Set out exactly every line of the entries below, starting at the line that holds "པ་གཟིར་གནོན་བྲ" and stopping after the line that holds "པ་དག་ལ་ཕན་སེམས".

(Collected data entries)
━━━━━━━━━━━━━━━━━━━━━━━━━━━━━━
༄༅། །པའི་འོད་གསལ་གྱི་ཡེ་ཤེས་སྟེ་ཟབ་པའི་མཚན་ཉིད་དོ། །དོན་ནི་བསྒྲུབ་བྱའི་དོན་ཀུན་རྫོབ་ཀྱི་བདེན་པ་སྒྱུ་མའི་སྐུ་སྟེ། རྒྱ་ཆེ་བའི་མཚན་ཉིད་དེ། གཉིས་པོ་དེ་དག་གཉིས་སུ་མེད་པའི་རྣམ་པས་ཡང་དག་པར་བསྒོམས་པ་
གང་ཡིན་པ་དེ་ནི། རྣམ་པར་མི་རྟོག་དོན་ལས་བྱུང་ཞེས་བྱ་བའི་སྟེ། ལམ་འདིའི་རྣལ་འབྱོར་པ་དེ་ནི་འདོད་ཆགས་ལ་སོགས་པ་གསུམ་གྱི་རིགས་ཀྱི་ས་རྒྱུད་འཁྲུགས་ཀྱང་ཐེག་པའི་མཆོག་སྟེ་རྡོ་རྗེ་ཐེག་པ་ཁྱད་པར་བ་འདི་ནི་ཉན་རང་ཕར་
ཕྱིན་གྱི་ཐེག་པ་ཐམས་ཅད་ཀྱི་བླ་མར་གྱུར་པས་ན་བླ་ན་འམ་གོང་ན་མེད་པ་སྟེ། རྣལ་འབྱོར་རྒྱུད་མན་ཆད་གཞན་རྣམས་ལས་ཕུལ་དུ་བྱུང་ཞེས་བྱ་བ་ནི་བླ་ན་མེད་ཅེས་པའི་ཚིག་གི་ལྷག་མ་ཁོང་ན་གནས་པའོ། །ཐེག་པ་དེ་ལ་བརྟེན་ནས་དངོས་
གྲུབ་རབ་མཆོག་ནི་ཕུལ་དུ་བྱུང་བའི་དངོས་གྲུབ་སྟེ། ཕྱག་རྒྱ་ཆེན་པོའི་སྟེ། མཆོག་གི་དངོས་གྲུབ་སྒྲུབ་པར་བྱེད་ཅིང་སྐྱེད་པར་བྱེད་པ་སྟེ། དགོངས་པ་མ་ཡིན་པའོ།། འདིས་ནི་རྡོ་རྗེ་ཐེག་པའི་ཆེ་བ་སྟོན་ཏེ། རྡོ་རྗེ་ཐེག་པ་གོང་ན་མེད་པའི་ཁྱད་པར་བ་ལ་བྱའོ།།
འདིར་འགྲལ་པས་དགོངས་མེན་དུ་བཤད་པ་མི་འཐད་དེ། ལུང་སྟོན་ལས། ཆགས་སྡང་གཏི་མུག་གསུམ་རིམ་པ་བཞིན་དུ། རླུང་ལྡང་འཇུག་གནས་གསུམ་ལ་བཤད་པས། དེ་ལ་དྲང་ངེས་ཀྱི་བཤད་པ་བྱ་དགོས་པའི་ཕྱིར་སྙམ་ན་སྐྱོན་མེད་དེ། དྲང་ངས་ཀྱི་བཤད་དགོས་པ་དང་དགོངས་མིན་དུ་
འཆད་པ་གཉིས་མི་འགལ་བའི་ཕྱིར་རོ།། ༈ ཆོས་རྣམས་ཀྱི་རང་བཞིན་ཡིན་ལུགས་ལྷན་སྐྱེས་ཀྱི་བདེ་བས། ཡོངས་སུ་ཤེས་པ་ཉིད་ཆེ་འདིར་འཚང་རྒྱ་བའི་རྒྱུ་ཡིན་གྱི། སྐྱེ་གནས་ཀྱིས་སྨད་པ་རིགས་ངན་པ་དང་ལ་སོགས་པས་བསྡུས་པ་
━━━━━━━━━━━━━━━━━━━━━━━━━━━━━━
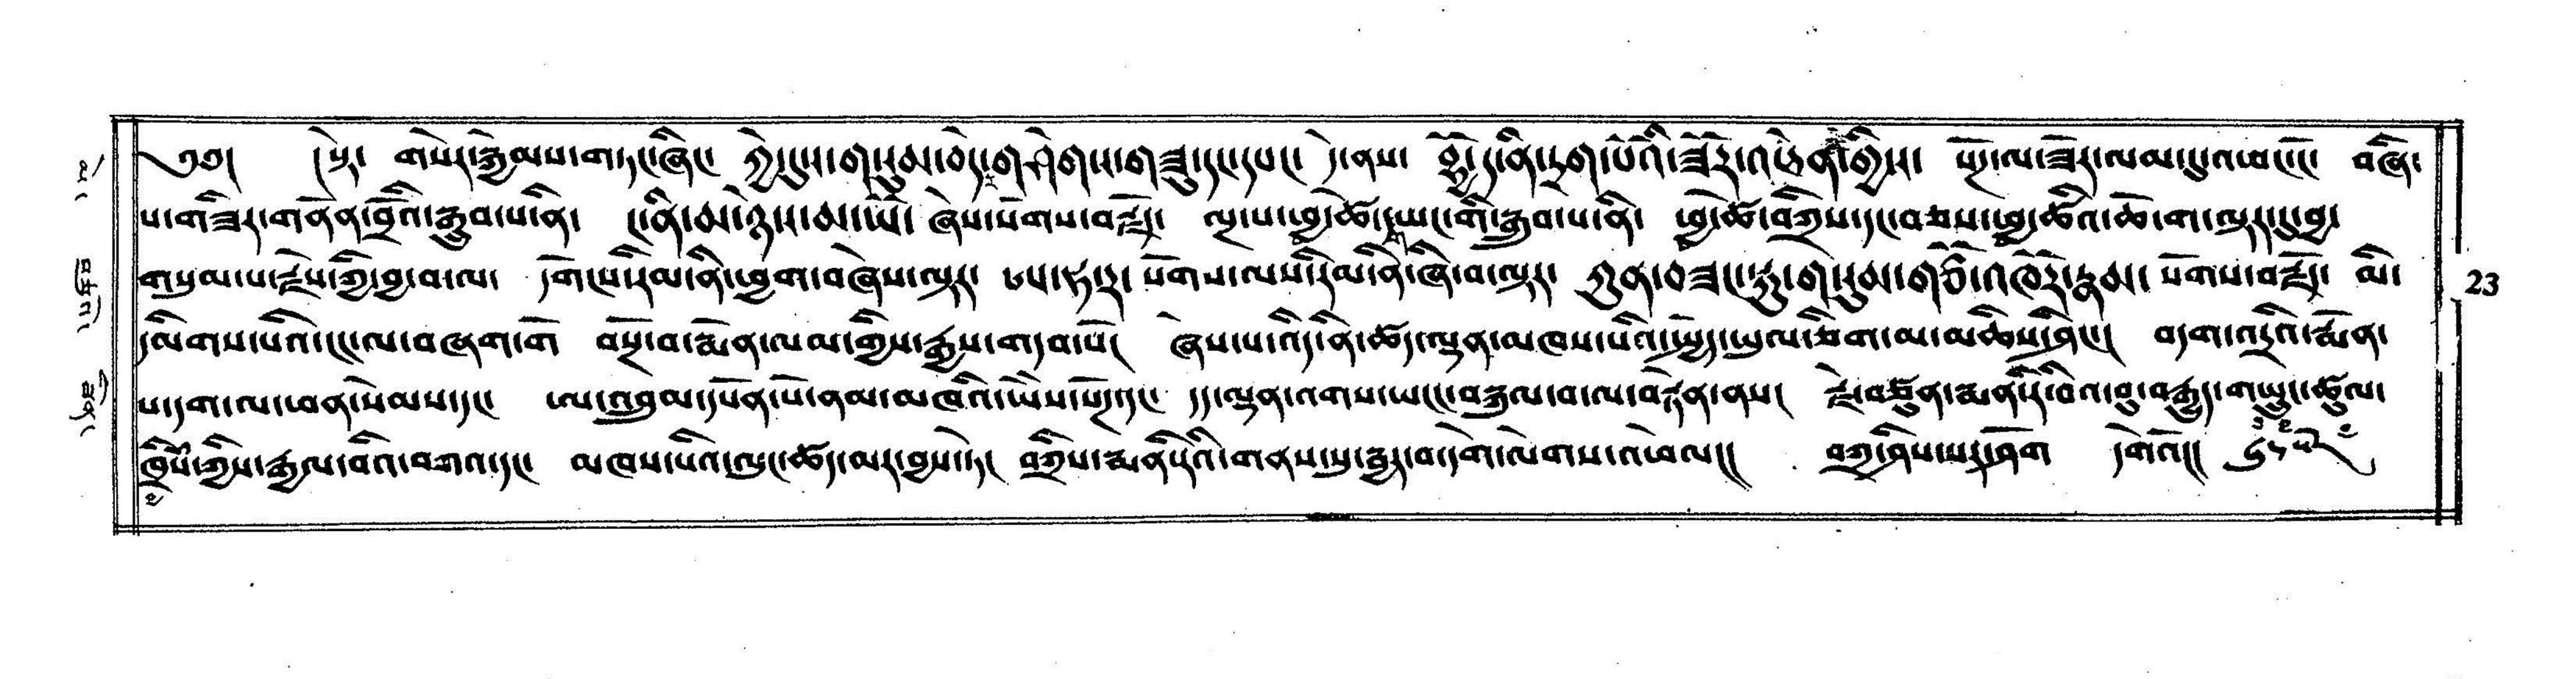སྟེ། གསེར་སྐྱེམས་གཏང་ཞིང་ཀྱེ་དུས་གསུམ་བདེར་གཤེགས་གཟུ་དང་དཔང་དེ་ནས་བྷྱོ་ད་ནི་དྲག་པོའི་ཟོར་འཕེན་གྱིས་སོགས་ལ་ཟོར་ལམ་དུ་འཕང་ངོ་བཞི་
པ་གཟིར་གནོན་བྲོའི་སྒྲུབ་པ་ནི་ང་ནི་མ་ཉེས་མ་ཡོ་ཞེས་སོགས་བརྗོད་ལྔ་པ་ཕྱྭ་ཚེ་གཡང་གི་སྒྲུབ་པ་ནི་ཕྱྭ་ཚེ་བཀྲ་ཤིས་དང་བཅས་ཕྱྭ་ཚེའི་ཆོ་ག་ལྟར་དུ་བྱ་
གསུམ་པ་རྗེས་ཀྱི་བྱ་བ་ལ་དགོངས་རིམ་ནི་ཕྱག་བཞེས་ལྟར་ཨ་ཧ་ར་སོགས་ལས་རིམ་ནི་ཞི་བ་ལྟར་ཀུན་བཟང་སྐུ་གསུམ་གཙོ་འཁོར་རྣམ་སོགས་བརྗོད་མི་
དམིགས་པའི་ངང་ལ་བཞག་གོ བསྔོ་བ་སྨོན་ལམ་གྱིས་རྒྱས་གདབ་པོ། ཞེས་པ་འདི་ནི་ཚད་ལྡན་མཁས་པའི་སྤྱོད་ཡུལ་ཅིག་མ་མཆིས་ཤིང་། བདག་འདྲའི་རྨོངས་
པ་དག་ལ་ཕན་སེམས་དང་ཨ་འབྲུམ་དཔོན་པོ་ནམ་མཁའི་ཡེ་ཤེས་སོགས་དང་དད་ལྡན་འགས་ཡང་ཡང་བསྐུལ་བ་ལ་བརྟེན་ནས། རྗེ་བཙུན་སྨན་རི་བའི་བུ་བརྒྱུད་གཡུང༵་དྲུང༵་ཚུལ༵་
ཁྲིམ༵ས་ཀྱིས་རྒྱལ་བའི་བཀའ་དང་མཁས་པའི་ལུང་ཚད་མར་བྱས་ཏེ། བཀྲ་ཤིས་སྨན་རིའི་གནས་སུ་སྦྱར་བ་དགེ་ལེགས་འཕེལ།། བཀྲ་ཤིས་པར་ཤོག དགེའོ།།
━━━━━━━━━━━━━━━━━━━━━━━━━━━━━━
▶ _Completed task_
པ་གཟིར་གནོན་བྲོའི་སྒྲུབ་པ་ནི་ང་ནི་མ་ཉེས་མ་ཡོ་ཞེས་སོགས་བརྗོད་ལྔ་པ་ཕྱྭ་ཚེ་གཡང་གི་སྒྲུབ་པ་ནི་ཕྱྭ་ཚེ་བཀྲ་ཤིས་དང་བཅས་ཕྱྭ་ཚེའི་ཆོ་ག་ལྟར་དུ་བྱ་
གསུམ་པ་རྗེས་ཀྱི་བྱ་བ་ལ་དགོངས་རིམ་ནི་ཕྱག་བཞེས་ལྟར་ཨ་ཧ་ར་སོགས་ལས་རིམ་ནི་ཞི་བ་ལྟར་ཀུན་བཟང་སྐུ་གསུམ་གཙོ་འཁོར་རྣམ་སོགས་བརྗོད་མི་
དམིགས་པའི་ངང་ལ་བཞག་གོ བསྔོ་བ་སྨོན་ལམ་གྱིས་རྒྱས་གདབ་པོ། ཞེས་པ་འདི་ནི་ཚད་ལྡན་མཁས་པའི་སྤྱོད་ཡུལ་ཅིག་མ་མཆིས་ཤིང་། བདག་འདྲའི་རྨོངས་
པ་དག་ལ་ཕན་སེམས་དང་ཨ་འབྲུམ་དཔོན་པོ་ནམ་མཁའི་ཡེ་ཤེས་སོགས་དང་དད་ལྡན་འགས་ཡང་ཡང་བསྐུལ་བ་ལ་བརྟེན་ནས། རྗེ་བཙུན་སྨན་རི་བའི་བུ་བརྒྱུད་གཡུང༵་དྲུང༵་ཚུལ༵་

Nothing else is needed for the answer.